Devil’s Thirst: A Mafia Stalker Romance (The Moretti Men Book 1)

Devil’s Thirst: Chapter 5



Intrigue had me sneaking back into the theater tonight, but frustration spurred me to wait for Amelie in the dressing room. I couldn’t believe she’d stay for one of her private dance sessions when she knew it was dangerous. Doesn’t she have any sense of self-preservation? If she knew anyone off the street could come in after her, why would she risk dancing alone in the empty theater?

I was so damn pissed that I decided to show her how easy it would be for someone to corner her in a hopeless situation. It’s not a pretty lesson, but one she needs to learn. Some seriously sick fucks exist in this world, and she’d make a perfect target.

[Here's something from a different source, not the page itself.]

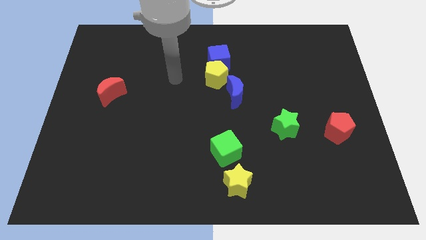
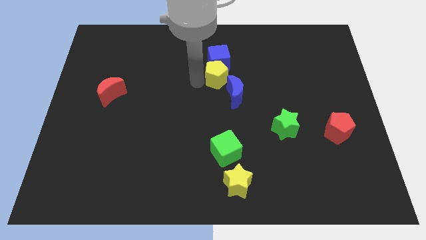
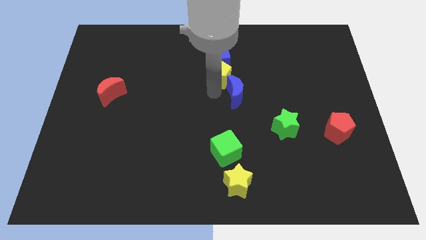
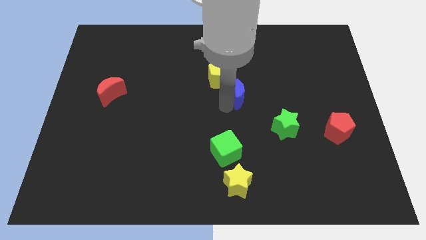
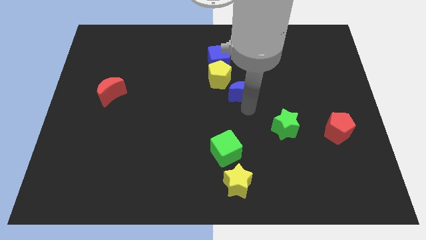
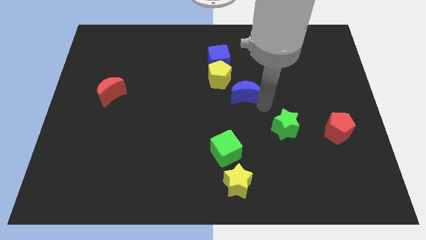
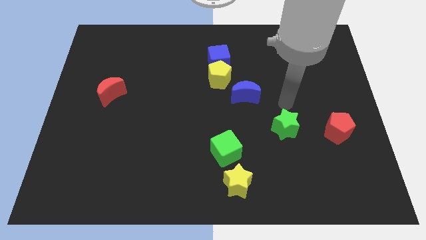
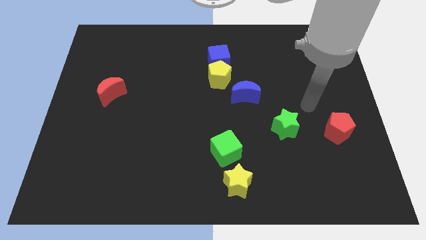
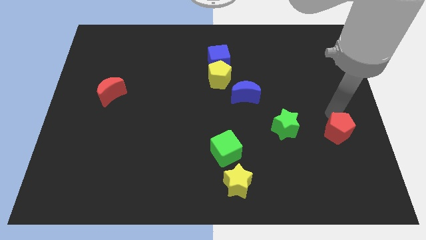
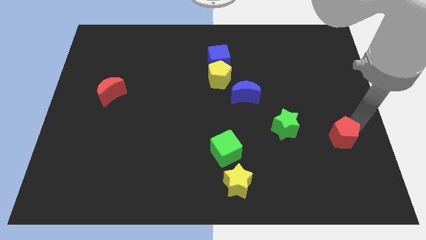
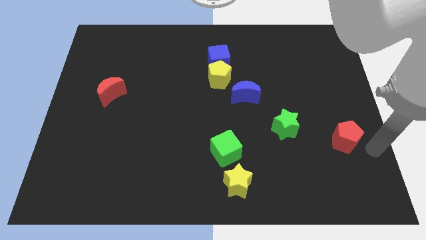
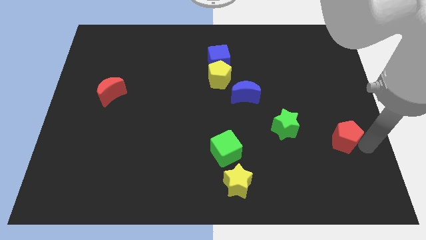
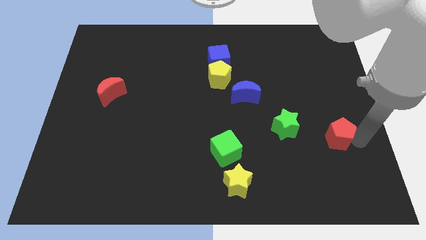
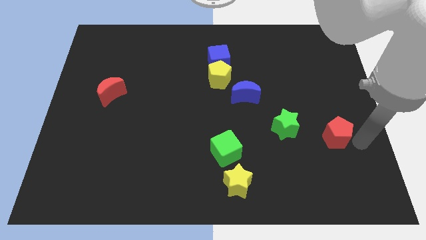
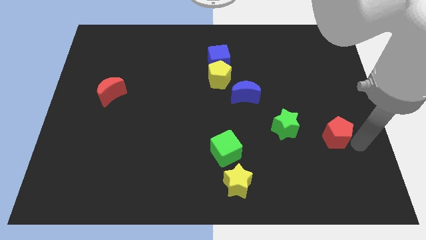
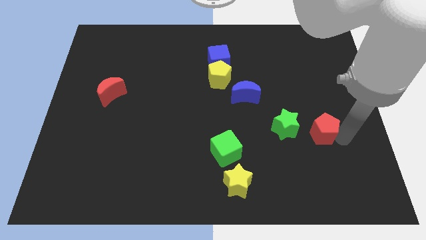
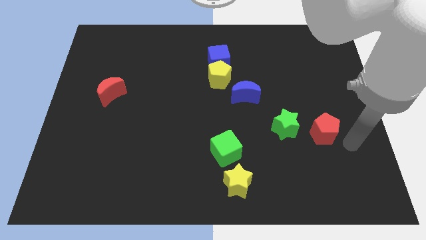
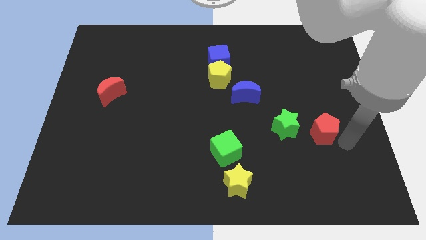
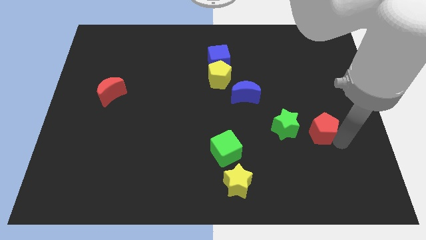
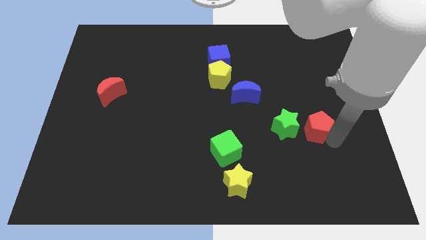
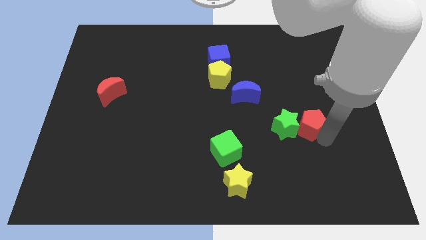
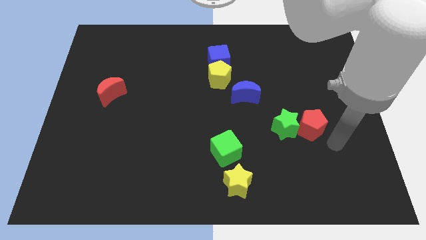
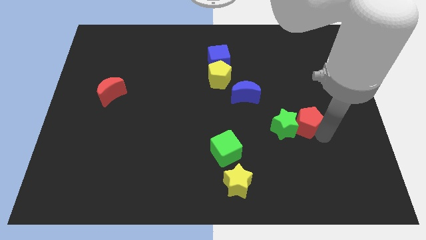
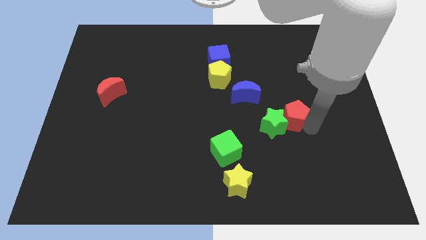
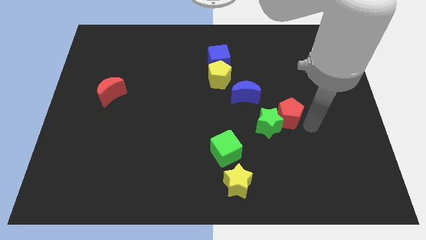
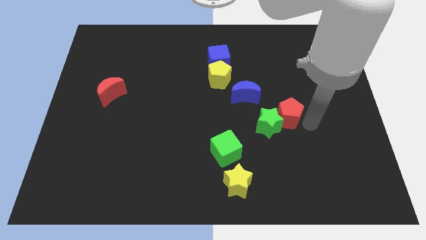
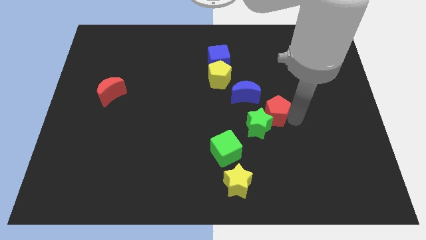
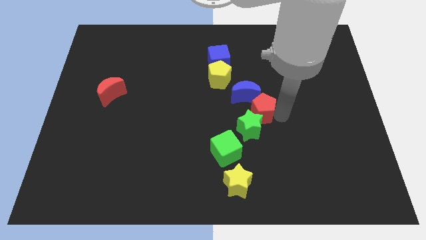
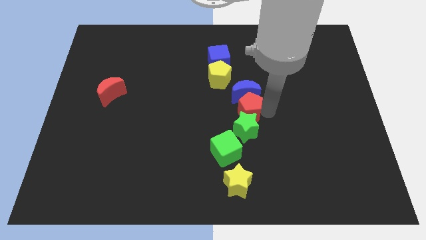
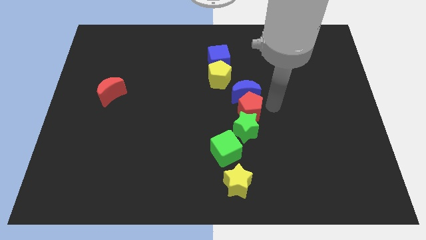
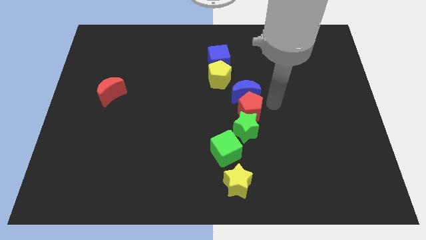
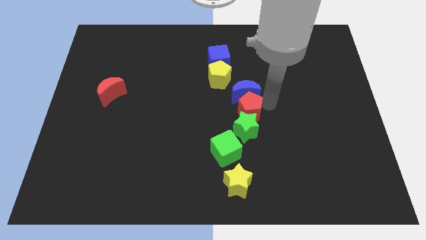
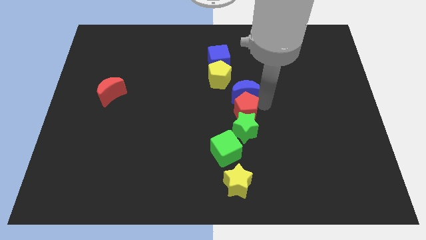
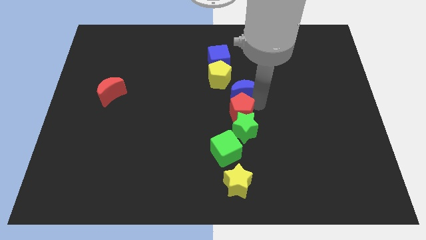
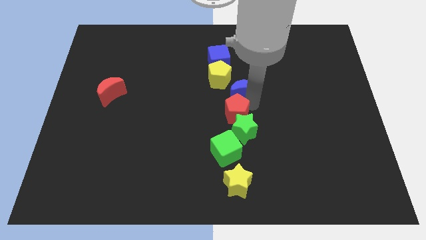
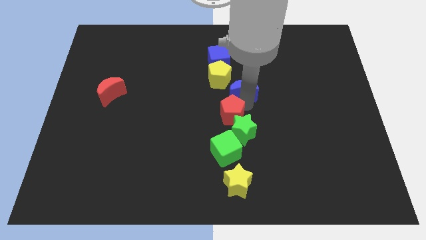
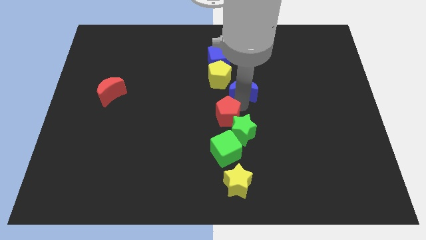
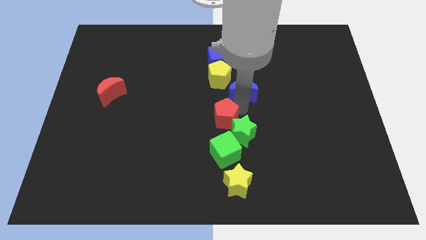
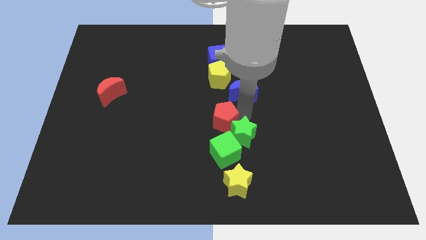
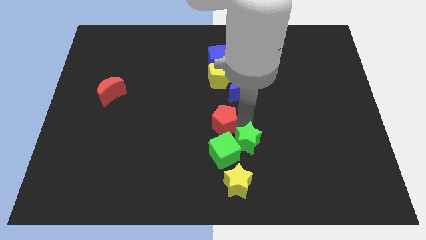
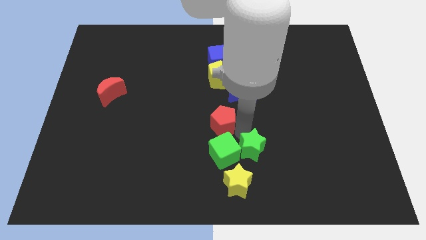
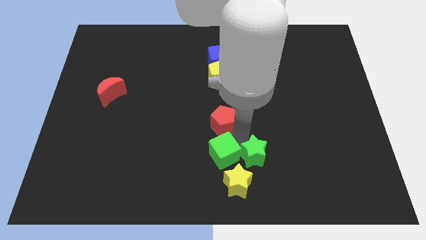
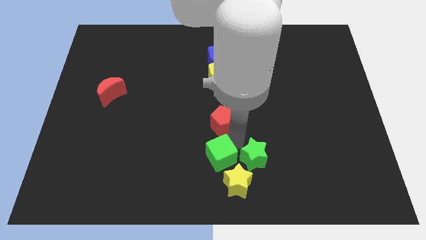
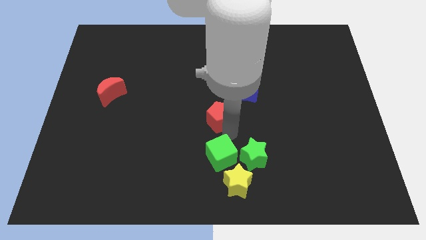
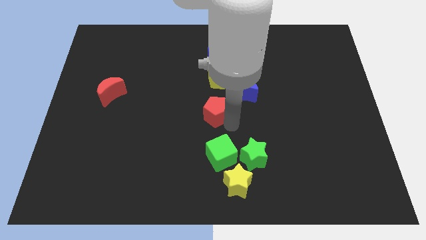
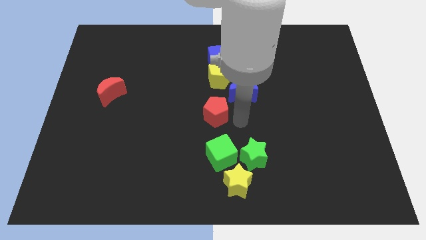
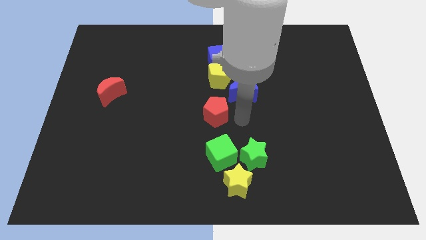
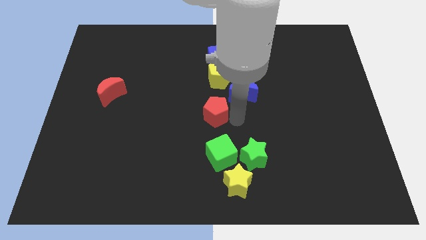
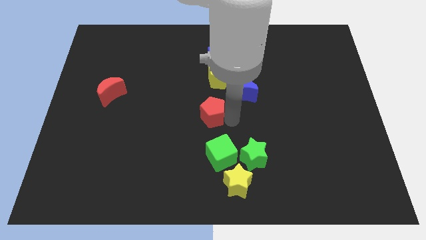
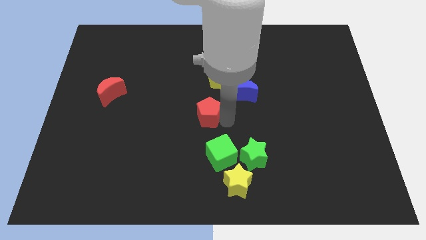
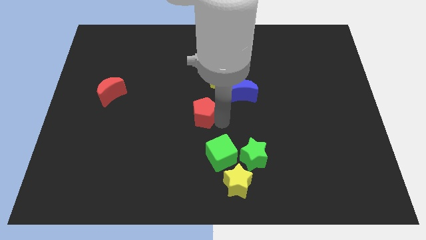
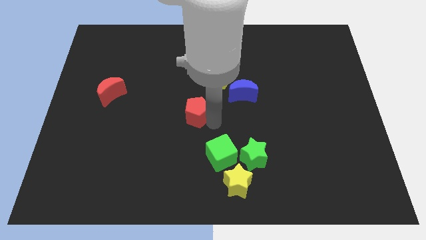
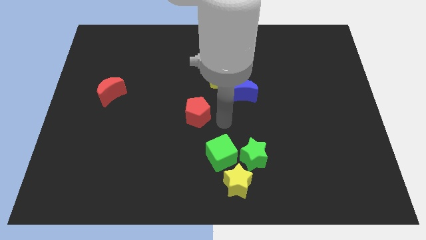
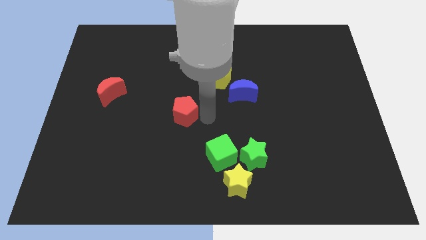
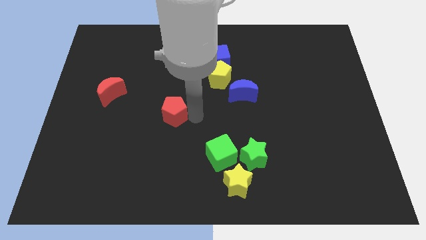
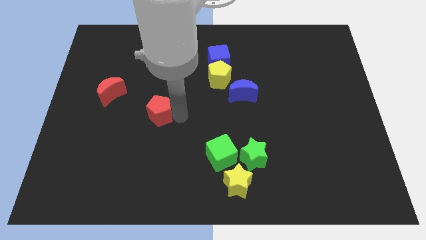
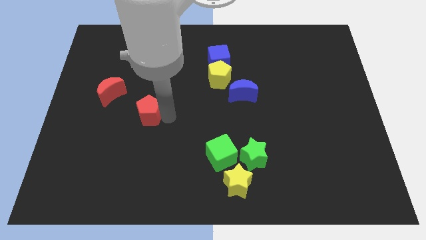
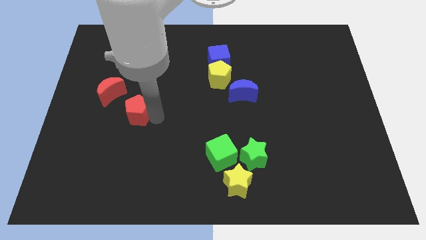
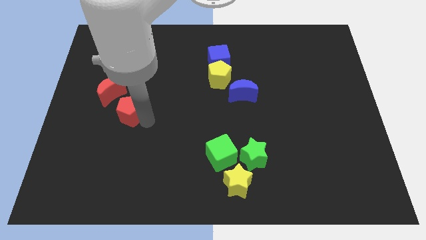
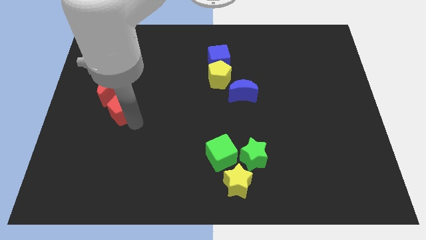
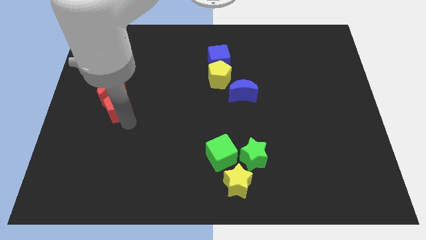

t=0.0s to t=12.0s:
push the red pentagon close to the red moon

She got a taste of the dangers out there, though she didn’t respond as I expected. I have to start expecting the unexpected where she’s concerned, or I’ll be constantly off-balance.

I was fully prepared to witness her cower and beg. Not my tiny dancer. She wielded a fucking curling iron and growled like she was half feral. Fuck if it didn’t get me hard—something I would be ashamed to admit if I gave a fuck what anyone else thought.

Green eyes spitting fire. Lip snarling. Muscles coiled and ready for a fight.

So fucking majestic, I could hardly look away.

Ferocity was the last thing I expected from her. The response didn’t align with the woman I’d come to know over the past two weeks. Of course, people can have odd reactions to fear. Hers wasn’t out of the realm of reasonable possibilities, yet a niggling feeling in the back of my mind insists that something is off about the situation.

I don’t ever ignore my intuition—not anymore—which means I’ll be watching Amelie even more closely. See if I can read what’s written between the lines.

I huff out a wry breath at the absurdity of my thoughts.

If I study Amelie any closer, I’ll earn a fucking PhD. As if I needed another reason to justify my growing fixation. I can admit it. Hiding from the truth won’t help anyone. I’m obsessed with Amelie Brooks, and I don’t care who knows it.

I let the truth wash over me as I spot the woman herself leaving the theater. She’s put on joggers and a jacket over her dance gear and heads straight for a car that stops at the curb. It’s a paid ride. Not as safe as having a friend pick her up, but not as bad as walking home alone. I’ll be following her either way, so I suppose her choice of driver is irrelevant. I’d do it myself if I thought she’d get in the car with me.

The only way I see that happening is if, by some chance, she recognizes me. And even then, it would be a crapshoot. Better to let things play out the way I’ve planned. I’ll stick to the shadows for now, but when I finally orchestrate our official reunion, I’m confident she’ll believe she’s meeting me for the first time.

I’ve envisioned the interaction over and over for days now. Years, if I’m honest.

Urgency claws under my skin to reach that anticipated moment, but I refuse to let it rush me. Amelie is enough of an unknown variable that I don’t need to throw any others into the mix. I want this to unfold exactly to my specifications. I’m not leaving anything to chance if I can help it.

Aside from picking up Tommy at the airport yesterday, I made arrangements to secure the apartment next door to hers. That was a cornerstone of my plan and relied heavily on my persuasive abilities. Now that it’s done, the rest will be a chess match—a matter of one calculated move after another.

With my plans for Amelie in play, my family is the next problem I have to tackle. If I’m sticking around, I need to let them know I’ve come home. The longer I wait, the more cumbersome the task feels, but I keep putting it off anyway. I’ve been telling myself that my stay here might be temporary, so telling them would be pointless.

The truth is, my visit would only be brief if I grew bored of Amelie. The chances of that happening are so minuscule that it’s laughable. Will that kick me into action? Nope.

Right now, my focus is on Amelie, and I’m happy to keep it that way. My family has done fine without me over the past four years. A few more days will hardly make a difference.